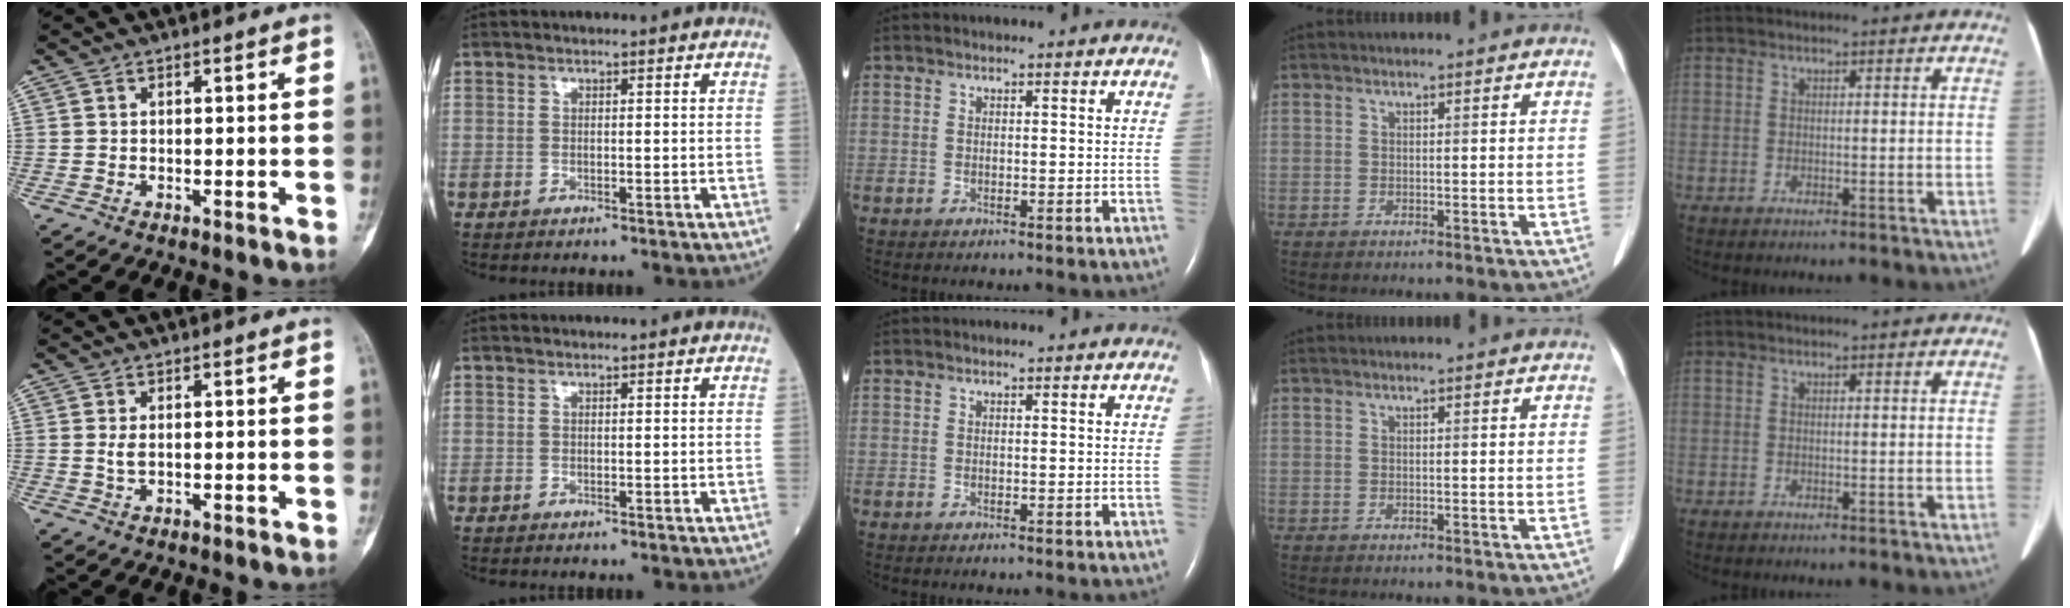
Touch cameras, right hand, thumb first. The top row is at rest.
{"thumb": {"total": 1.4, "force": [0.1, 0.7, 1.2], "torque": [-0.027, -0.001, 0.006]}}
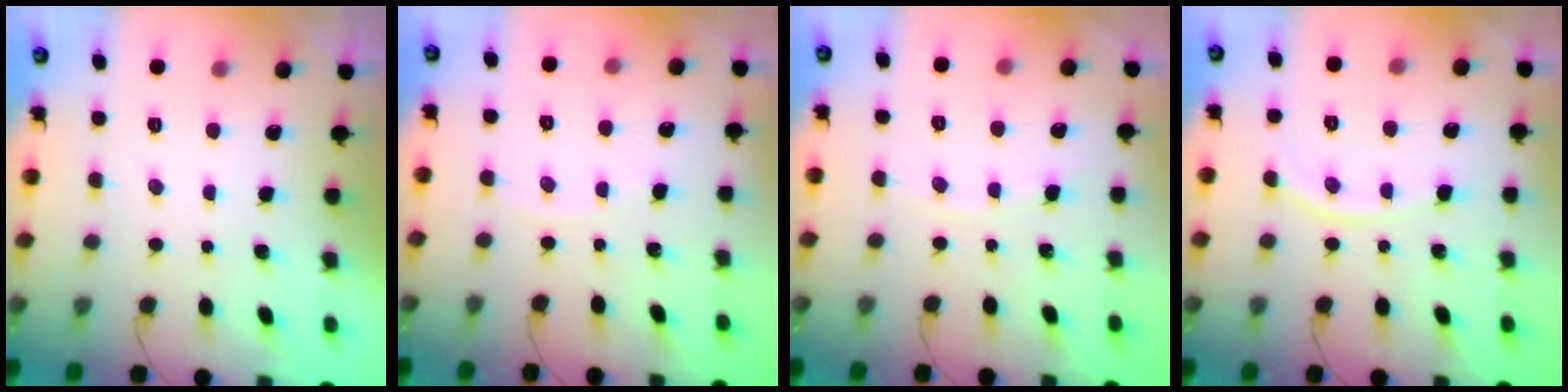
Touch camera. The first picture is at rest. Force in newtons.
{"total": 1.6, "press": 1.6, "slide": 0.2}
{"total": 2.6, "press": 2.6, "slide": 0.2}
{"total": 7.1, "press": 7.0, "slide": 1.0}
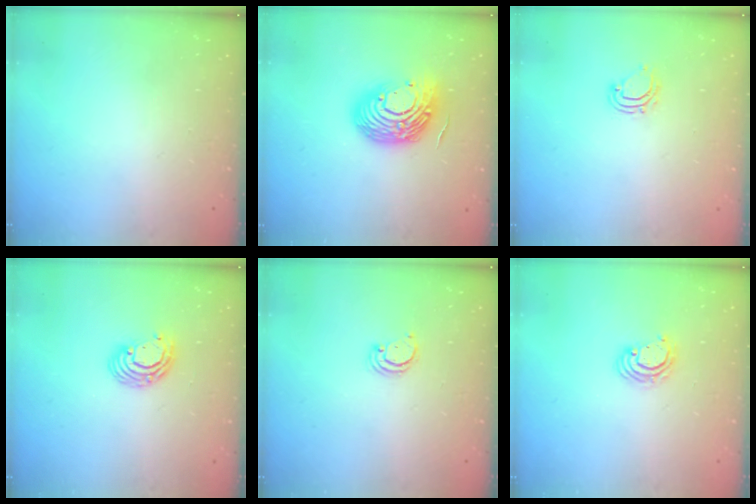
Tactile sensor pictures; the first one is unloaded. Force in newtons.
{"total": 15.4, "press": 15.3, "slide": 1.4}
{"total": 6.3, "press": 6.3, "slide": 0.4}
{"total": 6.7, "press": 6.6, "slide": 0.7}
{"total": 2.1, "press": 2.1, "slide": 0.2}
{"total": 4.3, "press": 4.3, "slide": 0.2}
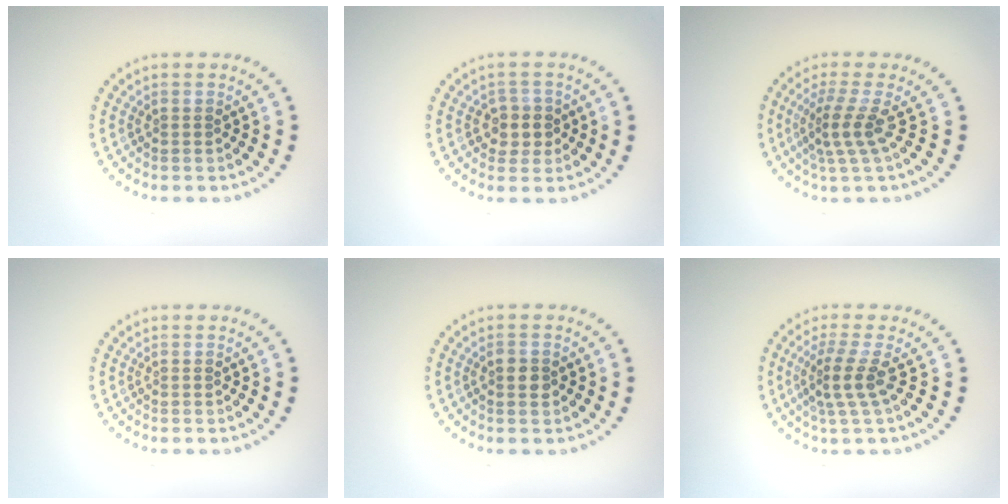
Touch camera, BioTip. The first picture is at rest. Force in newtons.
{"total": 2.1, "press": 2.0, "slide": 0.7}
{"total": 2.9, "press": 2.0, "slide": 2.2}
{"total": 0.0}
{"total": 1.9, "press": 1.9, "slide": 0.1}
{"total": 2.9, "press": 2.0, "slide": 2.1}
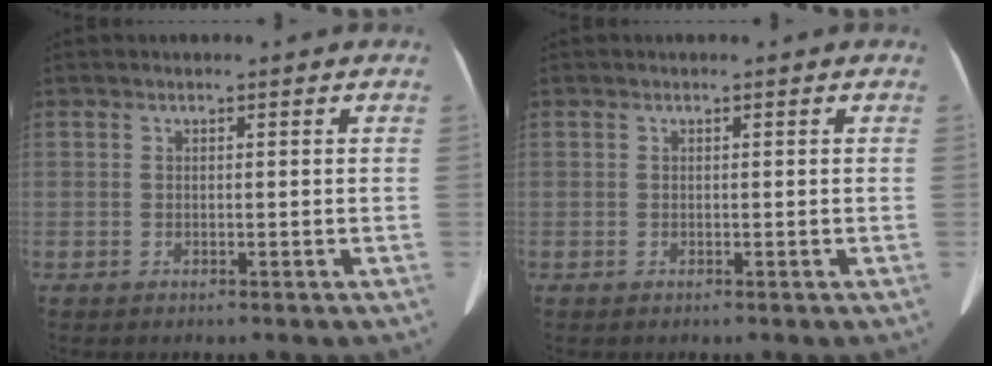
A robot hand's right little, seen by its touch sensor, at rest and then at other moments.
{"total": 0.0}

——————————

## TASK
Quote everything in the listing above exactly; pictures are the only thing to omit.

## SOLUTION TO THIS TASK
Touch cameras, right hand, thumb first. The top row is at rest.
{"thumb": {"total": 1.4, "force": [0.1, 0.7, 1.2], "torque": [-0.027, -0.001, 0.006]}}
Touch camera. The first picture is at rest. Force in newtons.
{"total": 1.6, "press": 1.6, "slide": 0.2}
{"total": 2.6, "press": 2.6, "slide": 0.2}
{"total": 7.1, "press": 7.0, "slide": 1.0}
Tactile sensor pictures; the first one is unloaded. Force in newtons.
{"total": 15.4, "press": 15.3, "slide": 1.4}
{"total": 6.3, "press": 6.3, "slide": 0.4}
{"total": 6.7, "press": 6.6, "slide": 0.7}
{"total": 2.1, "press": 2.1, "slide": 0.2}
{"total": 4.3, "press": 4.3, "slide": 0.2}
Touch camera, BioTip. The first picture is at rest. Force in newtons.
{"total": 2.1, "press": 2.0, "slide": 0.7}
{"total": 2.9, "press": 2.0, "slide": 2.2}
{"total": 0.0}
{"total": 1.9, "press": 1.9, "slide": 0.1}
{"total": 2.9, "press": 2.0, "slide": 2.1}
A robot hand's right little, seen by its touch sensor, at rest and then at other moments.
{"total": 0.0}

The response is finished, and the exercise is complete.